— Work item —
Write out each record below exactly, without pictures.
+++ Provided data
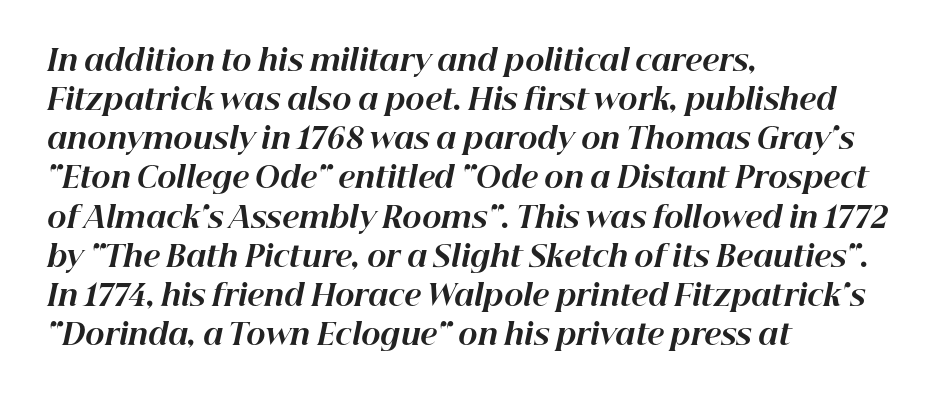
Q: Is the text bold? A: Yes.
Q: Is the text italic (slanted)? A: Yes, it leans right by about 12 degrees.
Q: Is the text underlined? A: No.
Q: How is the paragraph aligned? A: Left-aligned.
Q: Is the spacing between letters normal or unusually wide? A: Normal.
Q: Is the spacing between lines tight, normal or loose? A: Normal.
Q: Width (condensed, normal, or wide)? A: Normal.
Q: Stroke contrast? A: High.
Q: x-height? A: Medium.
Q: Monospaced? A: No.
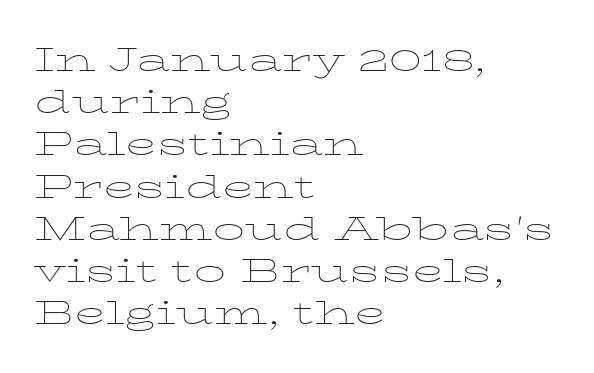
Unmarked baselines from the first word to the last. Ascenders rise straight up at ninety degrees. Is this a fixed-width face? No — the glyphs have proportional, varying widths. If you drew a ruler down the left edge, every line would touch it.
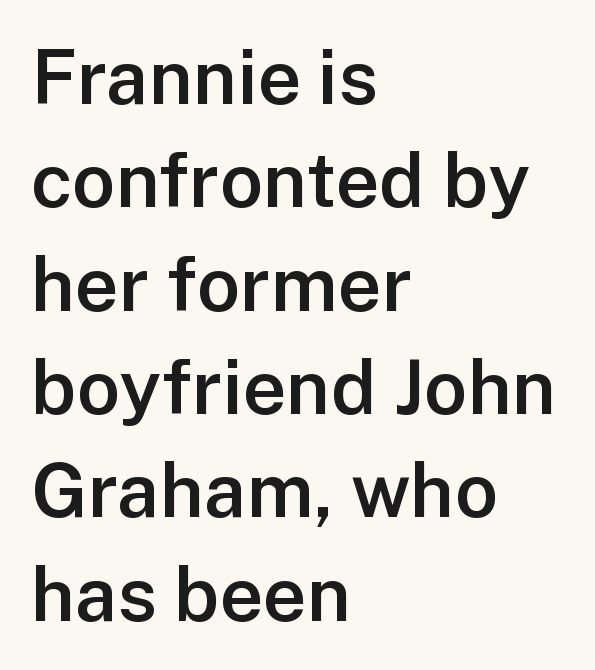
The image shows 76 px semibold sans-serif type, upright; set left-aligned, normal line spacing (1.36x), normal letter spacing, not underlined; low stroke contrast and a medium x-height.
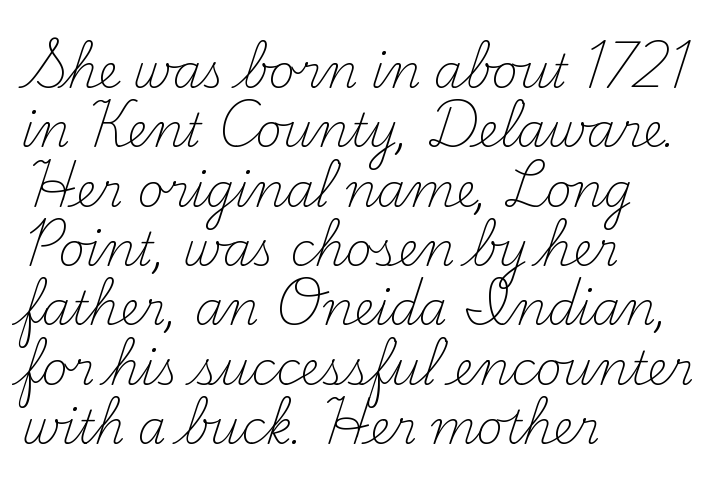
Q: Is the text bold? A: No.
Q: Is the text italic (slanted)? A: Yes.
Q: Is the text underlined? A: No.
Q: How is the paragraph aligned? A: Left-aligned.
Q: Is the spacing between letters normal or unusually wide? A: Normal.
Q: Is the spacing between lines tight, normal or loose? A: Normal.
Q: Width (condensed, normal, or wide)? A: Normal.
Q: Stroke contrast? A: Medium.
Q: x-height? A: Small.
Q: Monospaced? A: No.
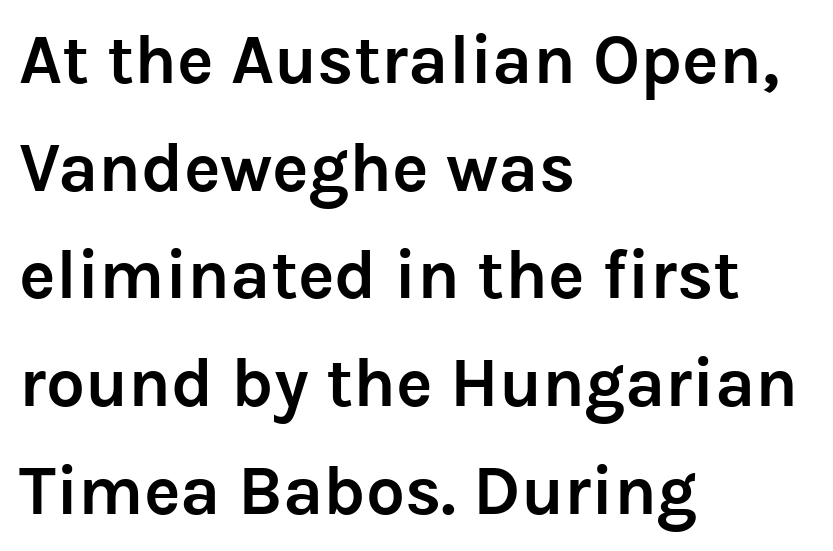
{"serif": "no", "italic": "no", "bold": "yes", "weight": "semibold", "width": "normal", "stroke_contrast": "low", "x_height": "medium", "monospaced": "no", "underline": "no", "align": "left", "line_spacing": "normal", "line_spacing_ratio": 1.56, "letter_spacing": "normal", "letter_spacing_em": 0.0, "glyph_px": 69}
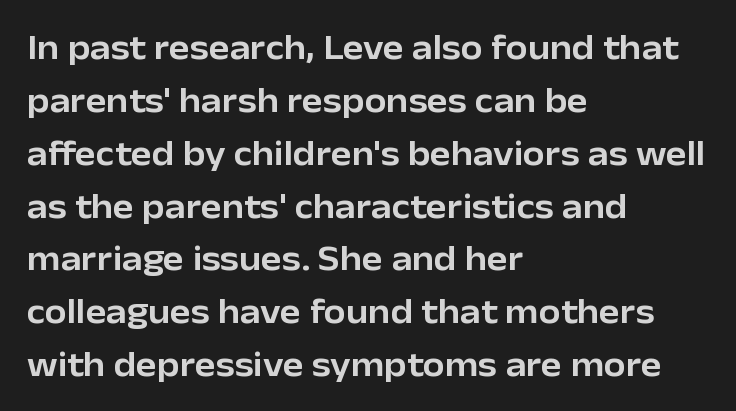
The image shows 35 px sans-serif type, upright; set left-aligned, normal line spacing (1.51x), normal letter spacing, not underlined; low stroke contrast and a medium x-height.
++++++
— Result below —
Q: Is the text bold? A: Yes.
Q: Is the text italic (slanted)? A: Yes, it leans right by about 12 degrees.
Q: Is the text underlined? A: No.
Q: How is the paragraph aligned? A: Left-aligned.
Q: Is the spacing between letters normal or unusually wide? A: Normal.
Q: Is the spacing between lines tight, normal or loose? A: Normal.
Q: Width (condensed, normal, or wide)? A: Normal.
Q: Stroke contrast? A: High.
Q: x-height? A: Medium.
Q: Monospaced? A: No.
Unmarked baselines from the first word to the last. Ascenders rise straight up at ninety degrees. Is this a fixed-width face? No — the glyphs have proportional, varying widths. If you drew a ruler down the left edge, every line would touch it.
The image shows 76 px semibold sans-serif type, upright; set left-aligned, normal line spacing (1.36x), normal letter spacing, not underlined; low stroke contrast and a medium x-height.
Q: Is the text bold? A: No.
Q: Is the text italic (slanted)? A: Yes.
Q: Is the text underlined? A: No.
Q: How is the paragraph aligned? A: Left-aligned.
Q: Is the spacing between letters normal or unusually wide? A: Normal.
Q: Is the spacing between lines tight, normal or loose? A: Normal.
Q: Width (condensed, normal, or wide)? A: Normal.
Q: Stroke contrast? A: Medium.
Q: x-height? A: Small.
Q: Monospaced? A: No.
{"serif": "no", "italic": "no", "bold": "yes", "weight": "semibold", "width": "normal", "stroke_contrast": "low", "x_height": "medium", "monospaced": "no", "underline": "no", "align": "left", "line_spacing": "normal", "line_spacing_ratio": 1.56, "letter_spacing": "normal", "letter_spacing_em": 0.0, "glyph_px": 69}
The image shows 35 px sans-serif type, upright; set left-aligned, normal line spacing (1.51x), normal letter spacing, not underlined; low stroke contrast and a medium x-height.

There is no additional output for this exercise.